→ Input data
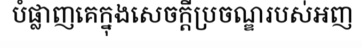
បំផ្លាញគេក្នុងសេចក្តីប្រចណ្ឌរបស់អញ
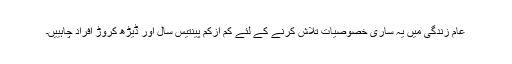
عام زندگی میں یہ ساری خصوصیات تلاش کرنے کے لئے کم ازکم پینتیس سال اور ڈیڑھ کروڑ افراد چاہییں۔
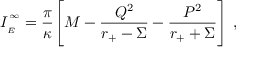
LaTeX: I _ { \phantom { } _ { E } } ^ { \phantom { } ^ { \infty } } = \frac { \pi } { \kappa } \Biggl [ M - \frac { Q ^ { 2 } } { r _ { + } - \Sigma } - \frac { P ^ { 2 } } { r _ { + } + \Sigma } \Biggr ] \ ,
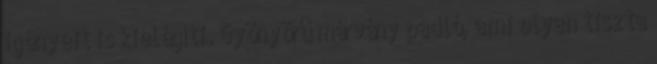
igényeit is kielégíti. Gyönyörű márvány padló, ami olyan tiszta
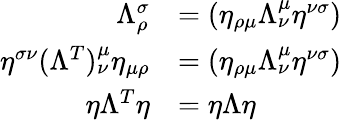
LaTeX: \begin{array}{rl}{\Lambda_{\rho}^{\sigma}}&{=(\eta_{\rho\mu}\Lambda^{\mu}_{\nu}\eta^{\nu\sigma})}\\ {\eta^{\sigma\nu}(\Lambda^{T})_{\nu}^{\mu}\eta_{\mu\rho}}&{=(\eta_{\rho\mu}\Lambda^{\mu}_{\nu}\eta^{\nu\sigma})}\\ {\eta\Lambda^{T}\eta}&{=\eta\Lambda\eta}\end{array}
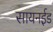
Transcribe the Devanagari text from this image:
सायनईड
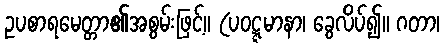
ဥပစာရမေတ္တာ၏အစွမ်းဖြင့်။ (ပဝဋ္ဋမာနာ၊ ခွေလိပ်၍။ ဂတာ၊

→ Exercise directions
When you reach an image, pass over it, and retype all other material exactly.

→ Response to the exercise
បំផ្លាញគេក្នុងសេចក្តីប្រចណ្ឌរបស់អញ
عام زندگی میں یہ ساری خصوصیات تلاش کرنے کے لئے کم ازکم پینتیس سال اور ڈیڑھ کروڑ افراد چاہییں۔
LaTeX: I _ { \phantom { } _ { E } } ^ { \phantom { } ^ { \infty } } = \frac { \pi } { \kappa } \Biggl [ M - \frac { Q ^ { 2 } } { r _ { + } - \Sigma } - \frac { P ^ { 2 } } { r _ { + } + \Sigma } \Biggr ] \ ,
igényeit is kielégíti. Gyönyörű márvány padló, ami olyan tiszta
LaTeX: \begin{array}{rl}{\Lambda_{\rho}^{\sigma}}&{=(\eta_{\rho\mu}\Lambda^{\mu}_{\nu}\eta^{\nu\sigma})}\\ {\eta^{\sigma\nu}(\Lambda^{T})_{\nu}^{\mu}\eta_{\mu\rho}}&{=(\eta_{\rho\mu}\Lambda^{\mu}_{\nu}\eta^{\nu\sigma})}\\ {\eta\Lambda^{T}\eta}&{=\eta\Lambda\eta}\end{array}
Transcribe the Devanagari text from this image:
सायनईड
ဥပစာရမေတ္တာ၏အစွမ်းဖြင့်။ (ပဝဋ္ဋမာနာ၊ ခွေလိပ်၍။ ဂတာ၊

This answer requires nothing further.